══ Dataset

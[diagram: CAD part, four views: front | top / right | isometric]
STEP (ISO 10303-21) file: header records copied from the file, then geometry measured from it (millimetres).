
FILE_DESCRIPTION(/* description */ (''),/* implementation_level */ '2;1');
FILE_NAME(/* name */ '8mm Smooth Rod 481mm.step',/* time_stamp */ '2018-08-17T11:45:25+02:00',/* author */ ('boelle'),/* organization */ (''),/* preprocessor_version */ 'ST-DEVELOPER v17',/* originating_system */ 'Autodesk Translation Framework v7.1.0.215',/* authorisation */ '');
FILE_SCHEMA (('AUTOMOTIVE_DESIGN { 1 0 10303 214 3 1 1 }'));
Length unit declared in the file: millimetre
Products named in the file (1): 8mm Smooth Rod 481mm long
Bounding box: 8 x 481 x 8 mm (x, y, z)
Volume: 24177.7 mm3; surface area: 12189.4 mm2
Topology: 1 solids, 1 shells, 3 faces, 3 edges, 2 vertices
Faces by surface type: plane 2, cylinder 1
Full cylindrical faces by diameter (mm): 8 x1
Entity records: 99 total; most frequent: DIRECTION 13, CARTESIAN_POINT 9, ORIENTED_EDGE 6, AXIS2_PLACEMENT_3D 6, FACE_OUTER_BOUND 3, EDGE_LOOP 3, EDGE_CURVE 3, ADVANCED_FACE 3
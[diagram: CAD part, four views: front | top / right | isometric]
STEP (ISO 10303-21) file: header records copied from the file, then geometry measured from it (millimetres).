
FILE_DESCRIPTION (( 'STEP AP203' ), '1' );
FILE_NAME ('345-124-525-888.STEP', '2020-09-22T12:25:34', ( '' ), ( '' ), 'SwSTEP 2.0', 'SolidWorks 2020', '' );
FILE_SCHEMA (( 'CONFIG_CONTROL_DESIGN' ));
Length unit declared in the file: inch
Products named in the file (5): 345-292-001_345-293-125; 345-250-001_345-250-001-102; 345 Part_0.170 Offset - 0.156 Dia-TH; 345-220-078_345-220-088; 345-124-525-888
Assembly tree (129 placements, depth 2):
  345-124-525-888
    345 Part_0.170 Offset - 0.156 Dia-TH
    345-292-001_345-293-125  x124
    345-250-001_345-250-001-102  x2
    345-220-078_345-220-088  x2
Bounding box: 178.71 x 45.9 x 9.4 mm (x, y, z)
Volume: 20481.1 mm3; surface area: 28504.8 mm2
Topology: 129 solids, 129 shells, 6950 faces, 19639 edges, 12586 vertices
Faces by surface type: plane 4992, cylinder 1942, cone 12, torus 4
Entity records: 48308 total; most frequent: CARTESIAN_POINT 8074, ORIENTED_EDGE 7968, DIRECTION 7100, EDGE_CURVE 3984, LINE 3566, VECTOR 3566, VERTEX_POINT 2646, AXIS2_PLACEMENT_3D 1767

════

Exercise directions
Without changing anything, repeat every record above.

Output of the exercise
[diagram: CAD part, four views: front | top / right | isometric]
STEP (ISO 10303-21) file: header records copied from the file, then geometry measured from it (millimetres).
FILE_DESCRIPTION(/* description */ (''),/* implementation_level */ '2;1');
FILE_NAME(/* name */ '8mm Smooth Rod 481mm.step',/* time_stamp */ '2018-08-17T11:45:25+02:00',/* author */ ('boelle'),/* organization */ (''),/* preprocessor_version */ 'ST-DEVELOPER v17',/* originating_system */ 'Autodesk Translation Framework v7.1.0.215',/* authorisation */ '');
FILE_SCHEMA (('AUTOMOTIVE_DESIGN { 1 0 10303 214 3 1 1 }'));
Length unit declared in the file: millimetre
Products named in the file (1): 8mm Smooth Rod 481mm long
Bounding box: 8 x 481 x 8 mm (x, y, z)
Volume: 24177.7 mm3; surface area: 12189.4 mm2
Topology: 1 solids, 1 shells, 3 faces, 3 edges, 2 vertices
Faces by surface type: plane 2, cylinder 1
Full cylindrical faces by diameter (mm): 8 x1
Entity records: 99 total; most frequent: DIRECTION 13, CARTESIAN_POINT 9, ORIENTED_EDGE 6, AXIS2_PLACEMENT_3D 6, FACE_OUTER_BOUND 3, EDGE_LOOP 3, EDGE_CURVE 3, ADVANCED_FACE 3
[diagram: CAD part, four views: front | top / right | isometric]
STEP (ISO 10303-21) file: header records copied from the file, then geometry measured from it (millimetres).
FILE_DESCRIPTION (( 'STEP AP203' ), '1' );
FILE_NAME ('345-124-525-888.STEP', '2020-09-22T12:25:34', ( '' ), ( '' ), 'SwSTEP 2.0', 'SolidWorks 2020', '' );
FILE_SCHEMA (( 'CONFIG_CONTROL_DESIGN' ));
Length unit declared in the file: inch
Products named in the file (5): 345-292-001_345-293-125; 345-250-001_345-250-001-102; 345 Part_0.170 Offset - 0.156 Dia-TH; 345-220-078_345-220-088; 345-124-525-888
Assembly tree (129 placements, depth 2):
  345-124-525-888
    345 Part_0.170 Offset - 0.156 Dia-TH
    345-292-001_345-293-125  x124
    345-250-001_345-250-001-102  x2
    345-220-078_345-220-088  x2
Bounding box: 178.71 x 45.9 x 9.4 mm (x, y, z)
Volume: 20481.1 mm3; surface area: 28504.8 mm2
Topology: 129 solids, 129 shells, 6950 faces, 19639 edges, 12586 vertices
Faces by surface type: plane 4992, cylinder 1942, cone 12, torus 4
Entity records: 48308 total; most frequent: CARTESIAN_POINT 8074, ORIENTED_EDGE 7968, DIRECTION 7100, EDGE_CURVE 3984, LINE 3566, VECTOR 3566, VERTEX_POINT 2646, AXIS2_PLACEMENT_3D 1767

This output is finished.